About this task:
Once you reach the line containing "Board (FEN): 8/6k1/3p1pp1/6qp/4r3/8/PQP5/5R1K" in the entries below, write out that line and each one after it down to the line containing "Best continuation: Qb7+ Kf8 Qxe4", exactly and with nothing added.

Data shown:
'''

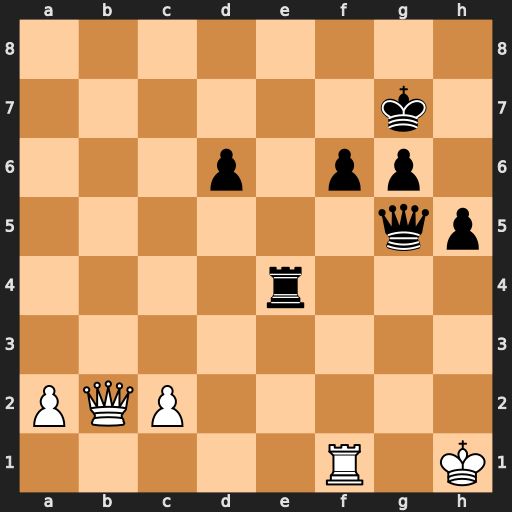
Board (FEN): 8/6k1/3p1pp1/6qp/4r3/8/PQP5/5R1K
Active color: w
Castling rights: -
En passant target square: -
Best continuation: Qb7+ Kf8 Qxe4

'''
'''

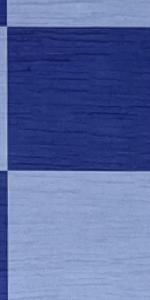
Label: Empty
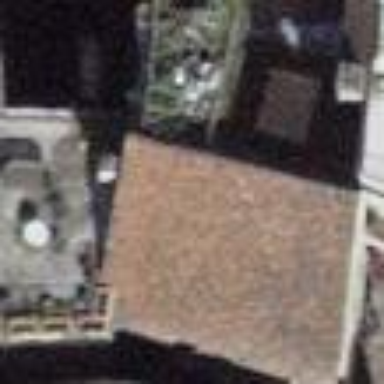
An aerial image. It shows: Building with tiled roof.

'''

Exercise output:
Board (FEN): 8/6k1/3p1pp1/6qp/4r3/8/PQP5/5R1K
Active color: w
Castling rights: -
En passant target square: -
Best continuation: Qb7+ Kf8 Qxe4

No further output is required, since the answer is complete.